* [Provided data]:
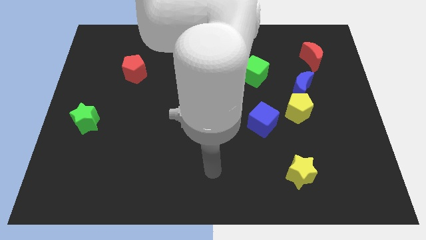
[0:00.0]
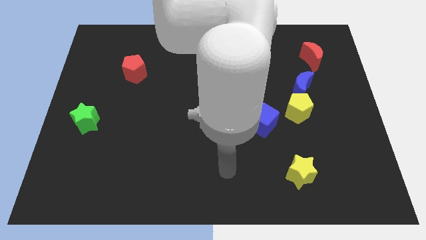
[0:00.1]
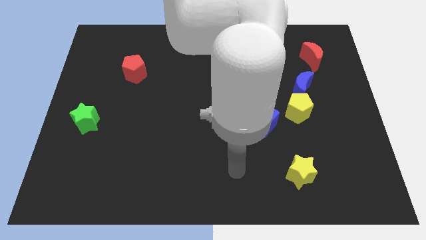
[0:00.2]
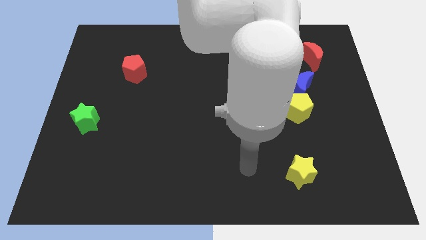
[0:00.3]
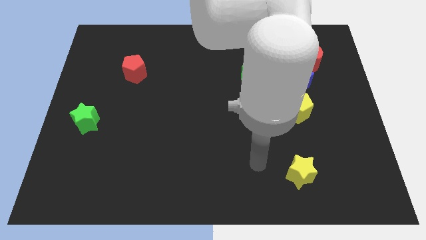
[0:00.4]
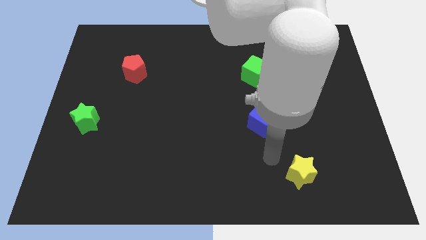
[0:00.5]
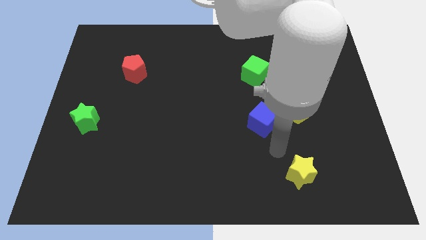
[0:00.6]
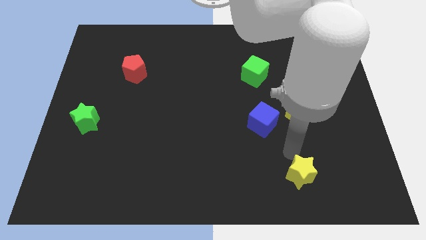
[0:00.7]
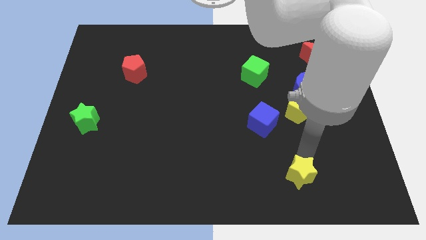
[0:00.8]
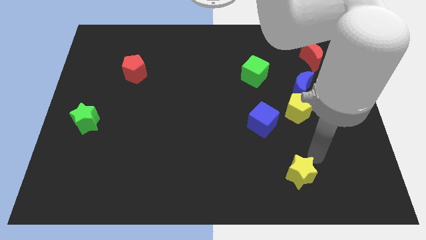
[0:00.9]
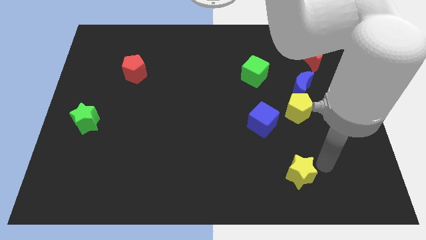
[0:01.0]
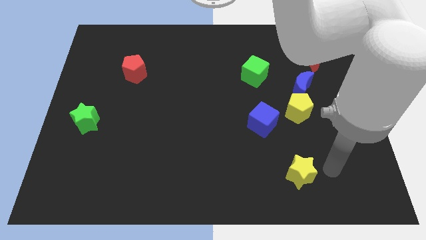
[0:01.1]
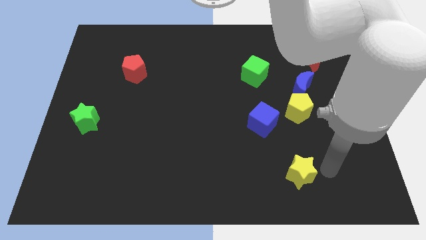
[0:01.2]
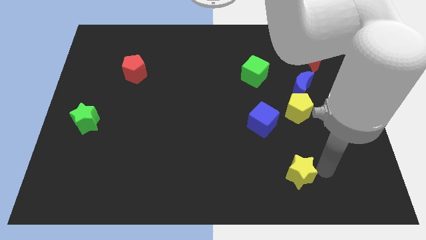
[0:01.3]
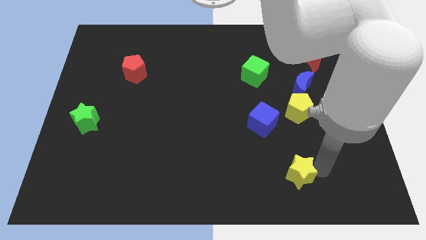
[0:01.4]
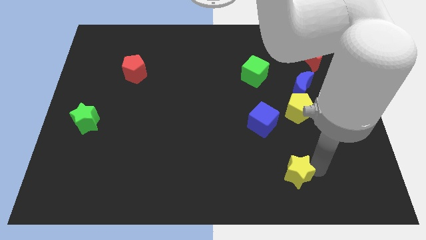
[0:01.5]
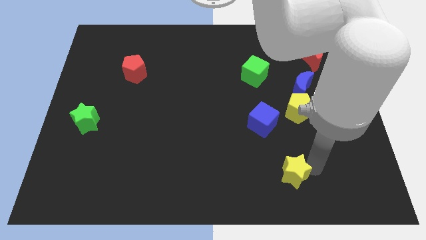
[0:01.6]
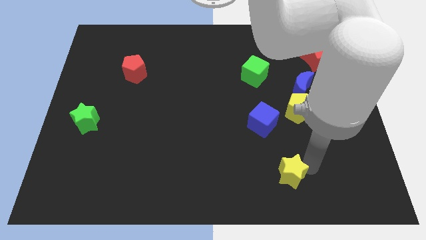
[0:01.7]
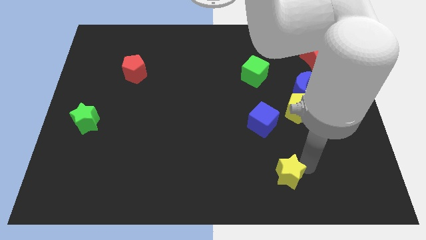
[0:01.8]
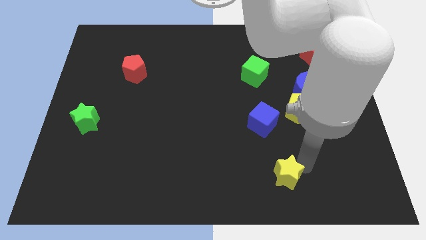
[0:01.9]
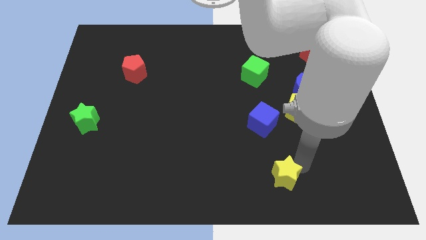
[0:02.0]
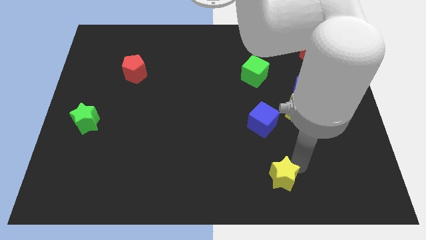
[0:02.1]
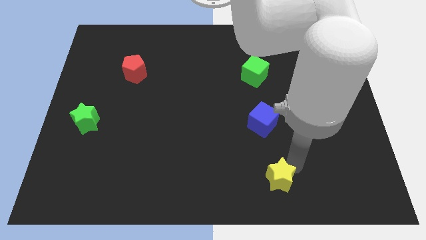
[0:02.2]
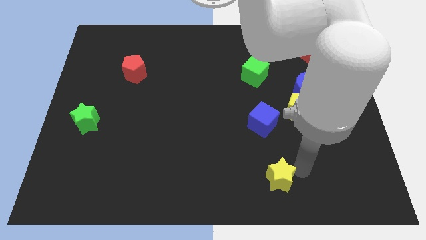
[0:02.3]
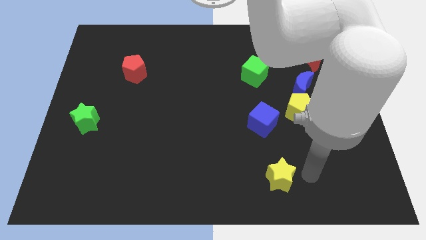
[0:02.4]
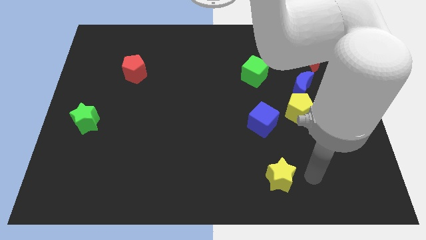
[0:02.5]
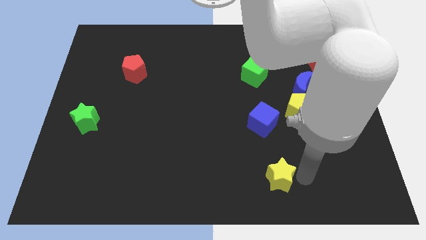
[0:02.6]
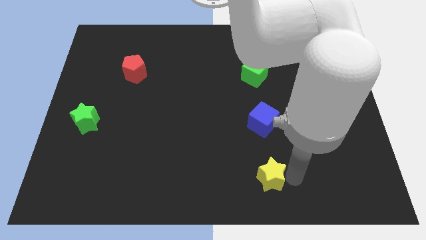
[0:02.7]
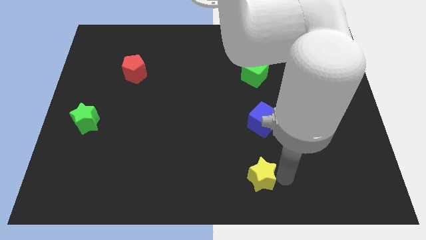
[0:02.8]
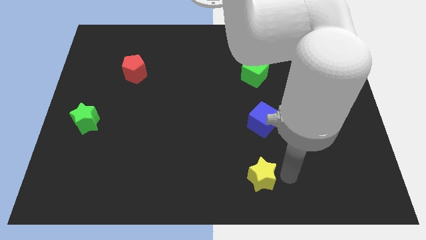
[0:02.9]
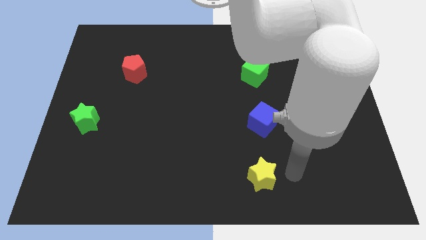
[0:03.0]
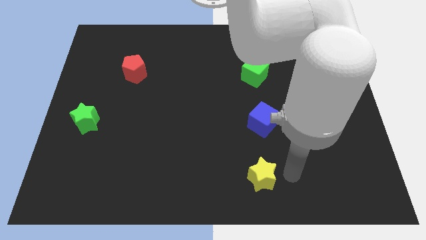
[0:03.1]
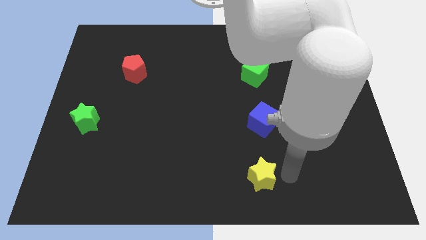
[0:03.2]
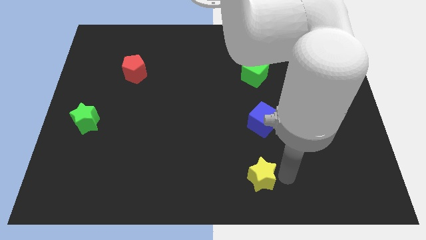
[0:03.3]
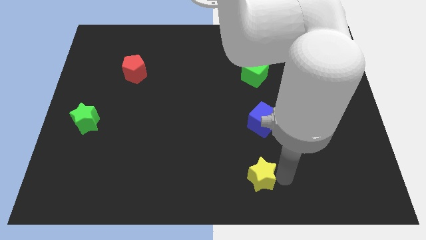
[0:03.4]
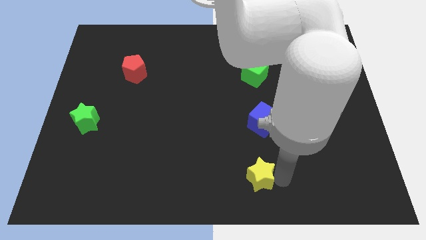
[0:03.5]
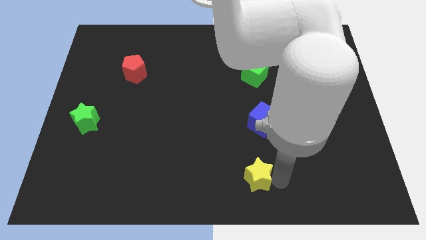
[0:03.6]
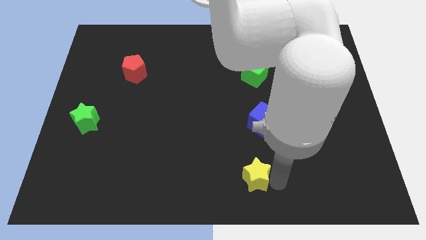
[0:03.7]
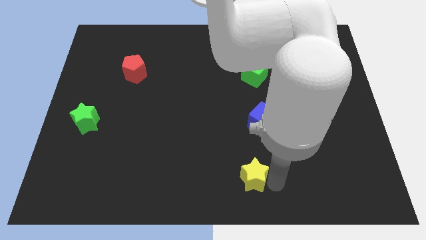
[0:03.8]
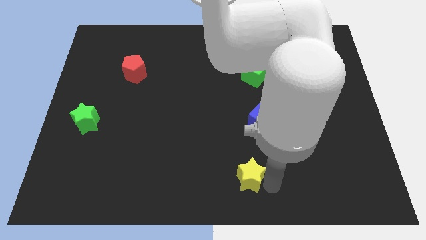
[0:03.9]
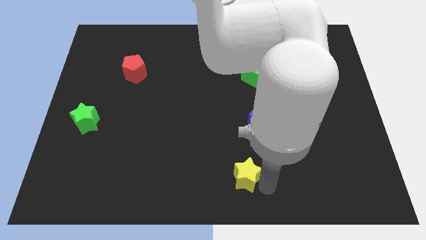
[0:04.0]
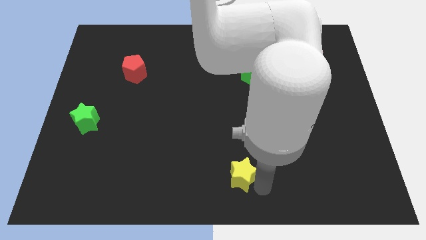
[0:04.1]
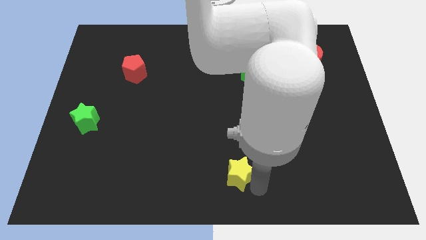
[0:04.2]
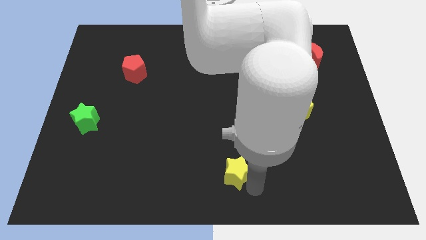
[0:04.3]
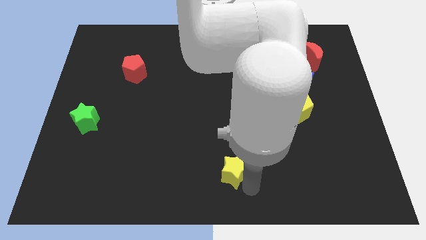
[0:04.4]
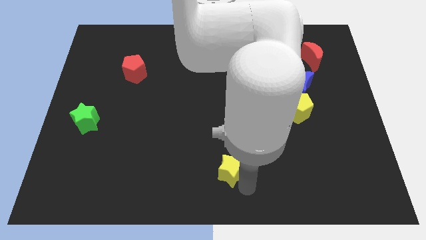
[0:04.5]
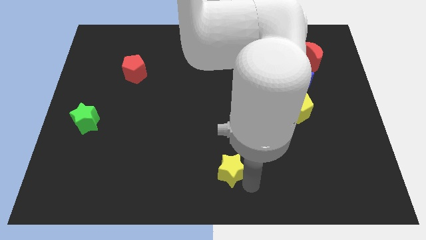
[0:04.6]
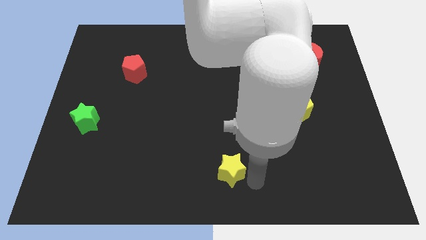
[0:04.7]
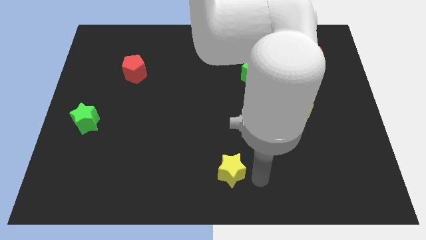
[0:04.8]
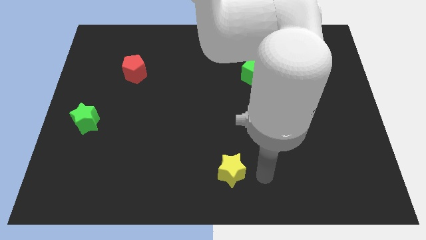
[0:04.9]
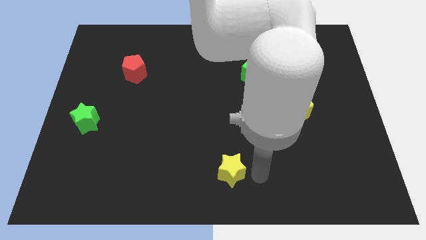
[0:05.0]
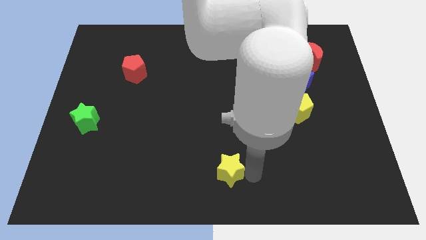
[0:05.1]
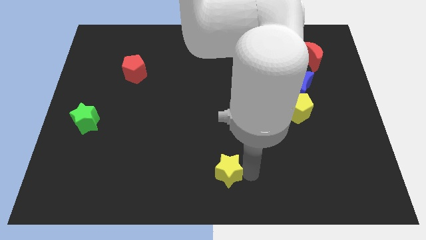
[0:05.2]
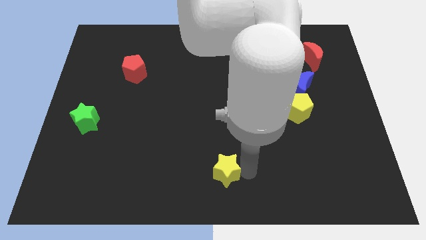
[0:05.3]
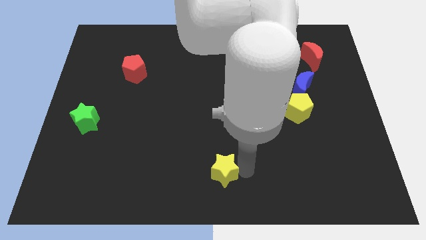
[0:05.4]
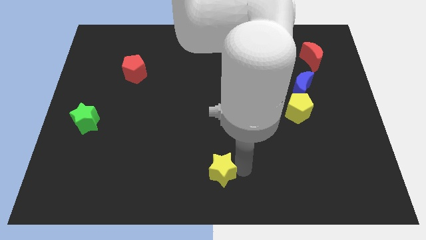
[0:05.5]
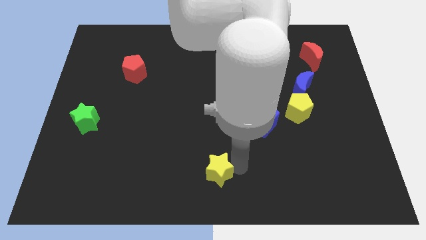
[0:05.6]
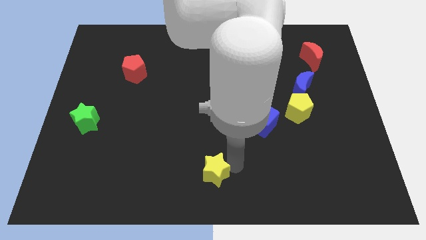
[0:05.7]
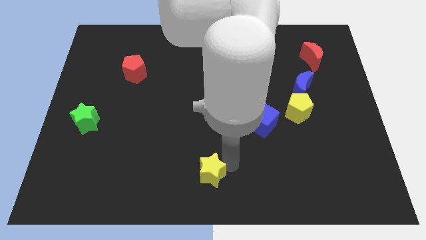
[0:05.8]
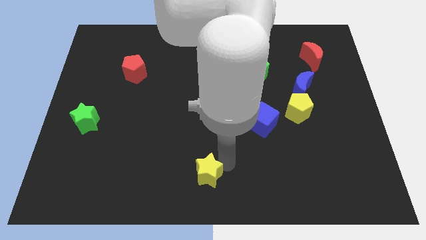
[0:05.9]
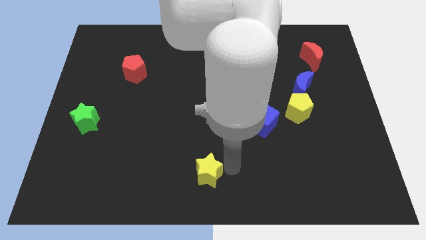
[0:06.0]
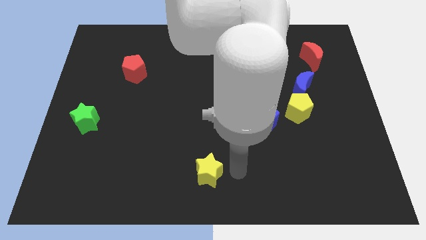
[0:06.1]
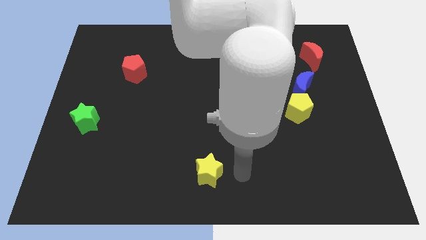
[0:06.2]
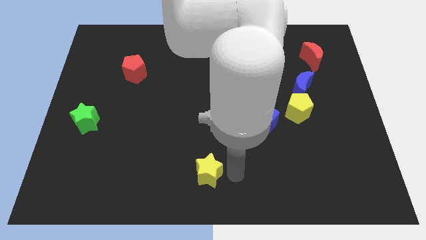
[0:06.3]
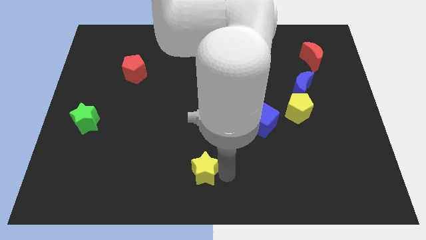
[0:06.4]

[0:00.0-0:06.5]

* [Requirement]:
Repeat the full set of records exactly, and output no pictures.

* [Task result]:
[0:00.0]
[0:00.1]
[0:00.2]
[0:00.3]
[0:00.4]
[0:00.5]
[0:00.6]
[0:00.7]
[0:00.8]
[0:00.9]
[0:01.0]
[0:01.1]
[0:01.2]
[0:01.3]
[0:01.4]
[0:01.5]
[0:01.6]
[0:01.7]
[0:01.8]
[0:01.9]
[0:02.0]
[0:02.1]
[0:02.2]
[0:02.3]
[0:02.4]
[0:02.5]
[0:02.6]
[0:02.7]
[0:02.8]
[0:02.9]
[0:03.0]
[0:03.1]
[0:03.2]
[0:03.3]
[0:03.4]
[0:03.5]
[0:03.6]
[0:03.7]
[0:03.8]
[0:03.9]
[0:04.0]
[0:04.1]
[0:04.2]
[0:04.3]
[0:04.4]
[0:04.5]
[0:04.6]
[0:04.7]
[0:04.8]
[0:04.9]
[0:05.0]
[0:05.1]
[0:05.2]
[0:05.3]
[0:05.4]
[0:05.5]
[0:05.6]
[0:05.7]
[0:05.8]
[0:05.9]
[0:06.0]
[0:06.1]
[0:06.2]
[0:06.3]
[0:06.4]

[0:00.0-0:06.5]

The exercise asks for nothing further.